Affiliations: ML@GT with IC, SCS, SCB, IISP, IDEAS Information Security and Privacy (ISP) responds to the primary issue in developing systems aimed at data access, analytics, and distribution. Georgia Tech’s newly formed IRI in this area, The Institute for Information Security & Privacy (IISP) is already a leader in research, development, and outreach in this area. IISP will be a valuable partner in all IDEAS efforts as we seek to provide the correct level of protection to data crossing the domains of healthcare, education, logistics, social computing, etc. However, Machine Learning techniques are also a valuable research tool to support research in Information Security and Privacy. For example, ML approaches are greatly utilized in developing encryption and data hiding technologies. Spamming technologies, which have gone far beyond email to pervading the internet with malicious bots and trolls, require dynamic data analytics to keep ahead of misinformation spreading and identify theft. Anomaly detection is a crucial element in detecting and thwarting intrusions into a network and for insider threat detection. Interactive ML is needed as we move toward more personalized information that requires specific interactions to protect our data. At Georgia Tech, there are many ML faculty who are interested in working in the area of Information Security and Privacy. Working with IISP, our goal is to engage the leading experts in ISP and ML to develop new tools for supporting ISP with real-time data analytics. Initial opportunities lay in developing ML technologies supporting Security Information and Event Management (SIEM) tools that provide real-time analysis of security alerts. Furthermore, Identity and Access Management (IAM) systems will also benefit from ML as data analytics can be leveraged to supply identity context with attributes such as role, entitlements, and organizational structure, to enhance the information necessary to determine risk. Finally, our ongoing work in behavior modeling and anomaly detection from data can provide much needed support for creating secure applications and services. Overall, at Georgia Tech we expect the ML effort to build a bridge between IDEAS and IISP IRIs.

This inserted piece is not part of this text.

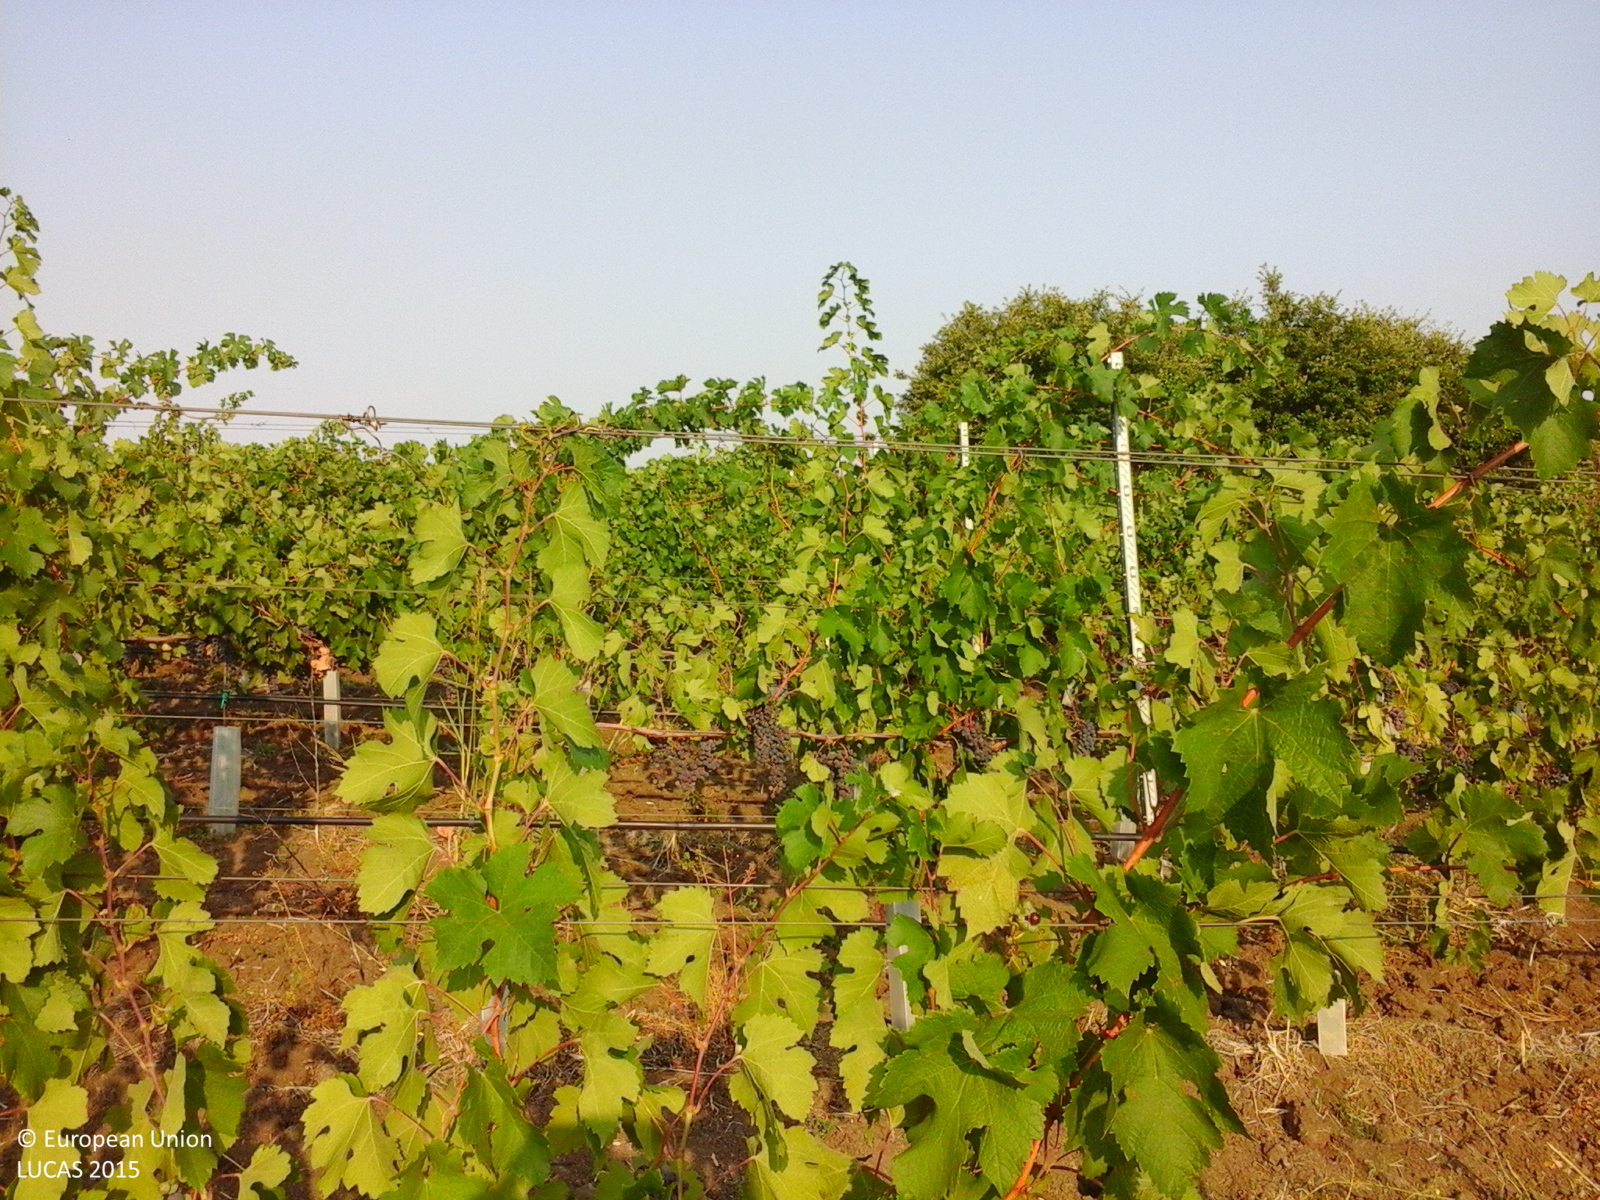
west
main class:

Affiliations: ML@GT with SCB, ISyE, Math, CoC, IDEAS, QCFFinancial Markets and trading have changed dramatically over the last few years with the advent of algorithmic and high frequency trading. Billions of stocks, bonds, derivatives and other financial securities are bought and sold in the financial markets every day with some of the securities held only for a few milliseconds. Apart from trading, the explosion in the availability of structured and unstructured data has opened up many applications for machine learning in the finance domain. Applications include analyzing and understanding regulatory filings, social media and speech of executives. Machine Learning techniques have broad applicability in finance including development of trading strategies, fintech, fraud detection, compliance, credit risk, and risk management.At Georgia Tech, we have significant expertise in financial markets research. The finance group at Scheller has 10 faculty members who along with another 10 PhD students are dedicated to financial market research. The finance group at Scheller has a history of producing impactful research with numerous publications in the top finance journals and hundreds of presentations at top finance conferences. In addition, the finance group has organized a number of major conferences such as 11 annual international finance conferences, many of them with Nobel laureates has key note speakers. In 2015 Scheller hosted a major finance conference with more than 300 scholars from academia, industry and regulators. Apart from the finance group that is dedicated to finance research, there are many faculty members from other areas in Scheller College of Business, College of Engineering and College of Sciences, who are engaged in research in financial markets. This is also reflected in these three colleges collaborating on the MS program in Quantitative and Computational Finance that has graduated more than 600 students over the last fifteen years. There continues to be a trend for a strong industry demand for finance students with Machine Learning skills. This thrust will focus on both foundational research in this area, followed with applied efforts with corporate sponsors, while training experts in this field.